The third summand is an artifact of the model; it corresponds to the nonphysical solution and must be excluded by setting B_f = 0.

The internal limit x → 0 also gives three solutions, and only one of them is convergent. We assume that there exist modes that converge at both limits x → 0 and x → ∞. Unlike the Gaussian (Kazantsev–Kraichnan) case, this is not guaranteed. This supposition needs to be proved by numerical simulations. This is done in Section 5. Also, the completeness of this set of functions is not evident; however, we suppose that the asymptotic time dependence of the arbitrary solution is exponential, as it was in the case of the second-order equation, so this arbitrary solution can be presented as a sum of eigenfunctions. We are again interested in the eigenfunction with the fastest increment.

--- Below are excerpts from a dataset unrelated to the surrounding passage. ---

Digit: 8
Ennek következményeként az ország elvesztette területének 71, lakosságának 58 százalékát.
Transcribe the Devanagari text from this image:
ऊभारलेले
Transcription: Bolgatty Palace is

But as soon as we suppose the existence of the spectrum, we can derive the upper boundary of the eigenvalue in the decomposition of an arbitrary initial distribution G₀(x) based on the asymptotic behavior of the eigenfunctions. The eigenfunctions presented in the decomposition can either decrease faster than G₀(x) or oscillate as x → ∞. From the characteristic polynomial (Equation (C4)), we find that the condition of oscillations $\mathrm{Im}\beta \ne 0$ holds for

$$\begin{eqnarray}&&{\rm{\Gamma }}\lt {{\rm{\Gamma }}}_{\max }=\displaystyle \frac{8+126{f}^{2}-{\left(4+27{f}^{2}\right)}^{3/2}}{18{f}^{2}}.\end{eqnarray} \tag{ C8 }$$

This coincides with Equation (21). In the limit f ≪ 1, we arrive at Equation (33).

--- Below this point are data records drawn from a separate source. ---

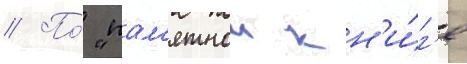
// По́ "пам'ятнои кн'и́г'е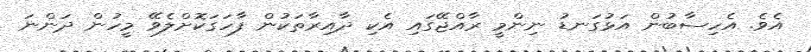
އެވެ. އެހިސާބުން އަޅުގަނޑު ނިންމީ ރާއްޖޭގައި އެކި ދާއިރާތަކުން ފާހަގަކޮށްލެވޭ މީހުން ދަންނަ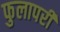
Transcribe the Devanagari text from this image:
फुलापरी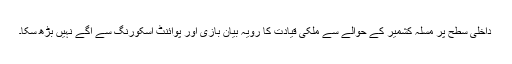
داخلی سطح پر مسلہ کشمیر کے حوالے سے ملکی قیادت کا رویہ بیان بازی اور پوائنٹ اسکورنگ سے آگے نہیں بڑھ سکا۔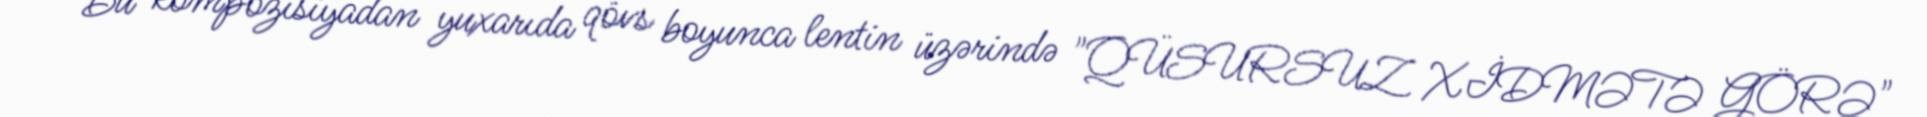
Bu kompozisiyadan yuxarıda qövs boyunca lentin üzərində "QÜSURSUZ XİDMƏTƏ GÖRƏ"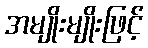
အမျိုးမျိုးဖြင့်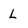
Character: L

C.3. Finite Prandtl Numbers

To evaluate the effect of the nonlinearity of the velocity field, we consider the function σ(r) truncated in accordance with Equation (34). For this model, the Kazantsev equation is stepwise; it coincides with Equation (C2) for r < r_ν , while for r > r_ν , it becomes

$$\begin{eqnarray}&&\gamma G=\displaystyle \frac{2}{3}D(G^{\prime\prime} +\displaystyle \frac{4}{r}G^{\prime} )({r}_{\nu }^{2}+2{r}_{d}^{2}),r\gt {r}_{\nu }.\end{eqnarray} \tag{ C9 }$$

So, one has to match the solution of Equation (C2) with the descending solution of this equation. The coincidence of G and $G^{\prime}$ determines the spectrum of γ. But the biggest ${\gamma }_{\max }^{(\mu )}$ is still restricted by the condition $\mathrm{Im}\beta \ne 0$.

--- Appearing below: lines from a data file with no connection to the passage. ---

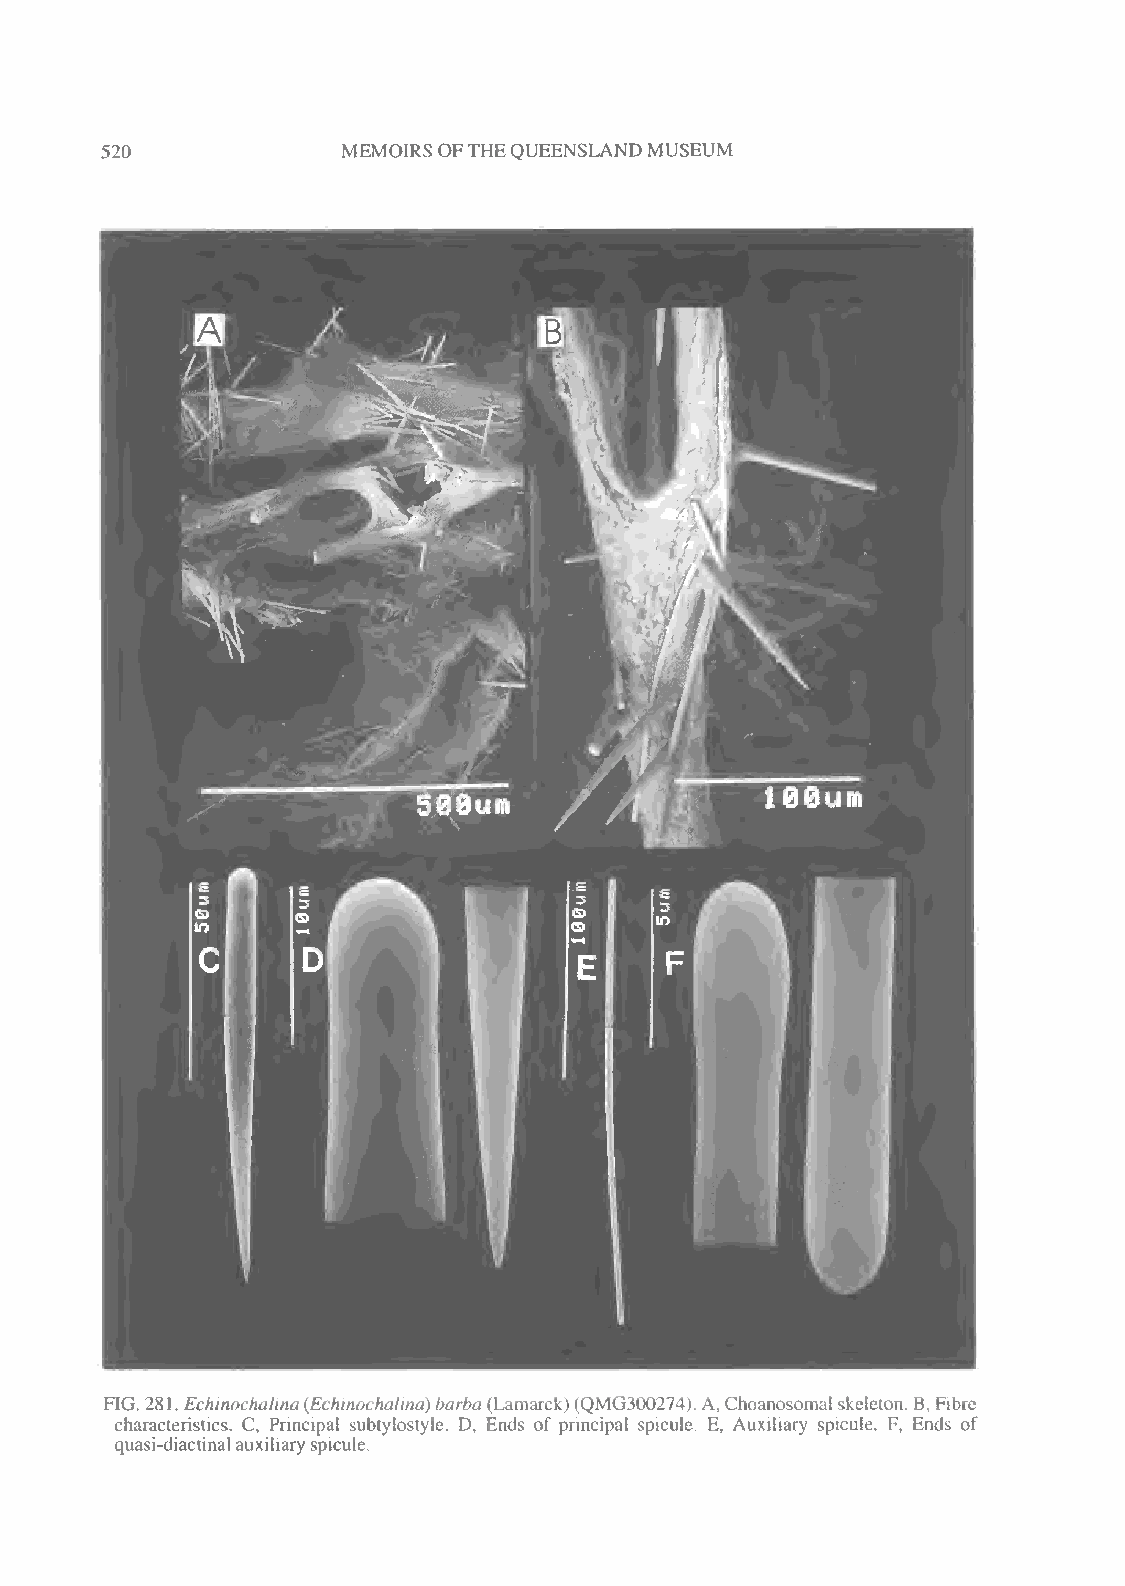
520             MEMOIRS OFTHEQUEENSLAND MUSEUM
 FIG. 281. Echinochalina(Echinochalina)barba(Lamarck)(QMG300274). A,Choanosomalskeleton. B,Fibre
 characteristics. C, Principal subtylostyle. D, Ends of principal spicule. E, Auxiliary spicule. F, Ends of
 quasi-diactinalauxiliaryspicule.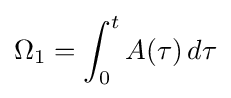
\Omega _{1}=\int _{0}^{t}A(\tau )\,d\tau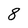
Character: 8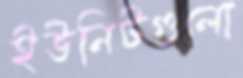
ইউনিটগুলো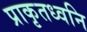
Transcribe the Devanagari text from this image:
प्राकृतध्वनि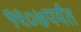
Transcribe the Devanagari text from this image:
१९०७पर्यंत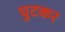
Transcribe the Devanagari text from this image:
घुटकर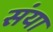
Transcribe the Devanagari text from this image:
संया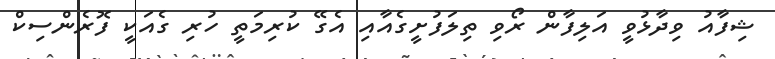
ޝިފާއު ވިދާޅުވީ އަލިފާން ރޯވި ތިލަފުށީގެއާއި އެގޭ ކުރިމަތީ ހުރި ގެއަކީ ފޮރެންސިކް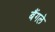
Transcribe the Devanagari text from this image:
बैंगले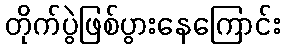
တိုက်ပွဲဖြစ်ပွားနေကြောင်း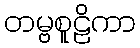
တမ္ဗစူဠိကာ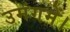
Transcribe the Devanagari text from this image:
उमंगमें।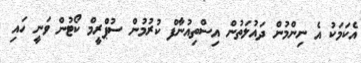
އެކަމަކު އެ ނިންމުން ދައުލަތުން އިސްތިއުނާފް ކުރުމުން ސުޕްރީމް ކޯޓުން ވަނީ ހައި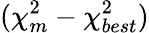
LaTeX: (\chi_{m}^{2}-\chi_{best}^{2})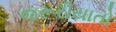
જરૂરીયાતો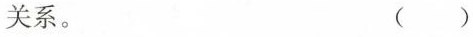
关系。 ( )

To estimate the correction to γ produced by a large but finite r_ν , we note that the solution of Equation (C2) oscillates as a function of r, and the phase of the oscillations is determined by the imaginary part of β₊:

$$\begin{eqnarray}&&G(r)\propto {r}_{+}^{\beta }\propto {e}^{i\mathrm{Im}{\beta }_{+}\mathrm{ln}\mu }.\end{eqnarray} \tag{ C10 }$$

Matching the amplitudes of both branches of the solution at r = r_ν is done by a multiplier; to match the derivatives, one has to choose the phase. However, half a period of oscillations is enough to ensure any phase that is needed. So, the correction to ${\gamma }_{\max }$ produced by finite r_ν at any rate leaves it within the range of γ in which the phase of G(r_ν ) changes by π:

$$\begin{eqnarray}&&\mathrm{Im}{\beta }_{+}({{\rm{\Gamma }}}_{\max }^{(\mu )})\mathrm{ln}\mu =\pi .\end{eqnarray} \tag{ C11 }$$

The bigger the μ, the closer ${{\rm{\Gamma }}}_{\max }^{(\mu )}$ is to the Batchelor value ${{\rm{\Gamma }}}_{\max }$.